(Items from a dataset)

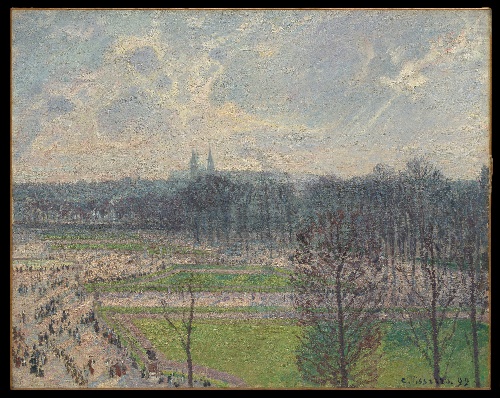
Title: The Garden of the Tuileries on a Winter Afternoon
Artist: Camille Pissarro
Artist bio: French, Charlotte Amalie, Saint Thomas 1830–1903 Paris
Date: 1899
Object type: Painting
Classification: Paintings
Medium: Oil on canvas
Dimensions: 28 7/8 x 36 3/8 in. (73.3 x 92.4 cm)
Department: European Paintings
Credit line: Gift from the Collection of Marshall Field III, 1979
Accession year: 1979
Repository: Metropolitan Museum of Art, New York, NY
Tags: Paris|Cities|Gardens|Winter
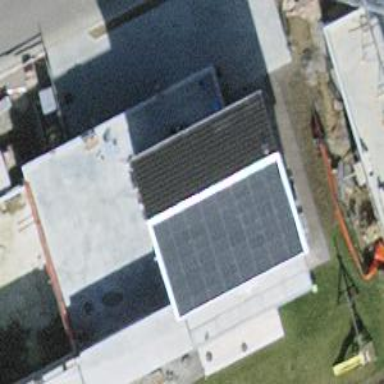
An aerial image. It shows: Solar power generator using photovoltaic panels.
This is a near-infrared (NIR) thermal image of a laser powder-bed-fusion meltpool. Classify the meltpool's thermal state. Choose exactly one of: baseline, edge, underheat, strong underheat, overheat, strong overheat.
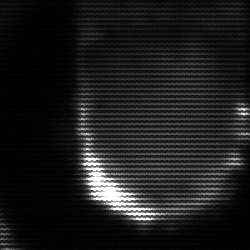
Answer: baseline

### HOW TO COMPLETE THIS TASK
Only the lines from the line with "This is a near-infrared" to the end of the records should be repeated, exactly and without pictures.

### OUTPUT OF THE EXERCISE
This is a near-infrared (NIR) thermal image of a laser powder-bed-fusion meltpool. Classify the meltpool's thermal state. Choose exactly one of: baseline, edge, underheat, strong underheat, overheat, strong overheat.
Answer: baseline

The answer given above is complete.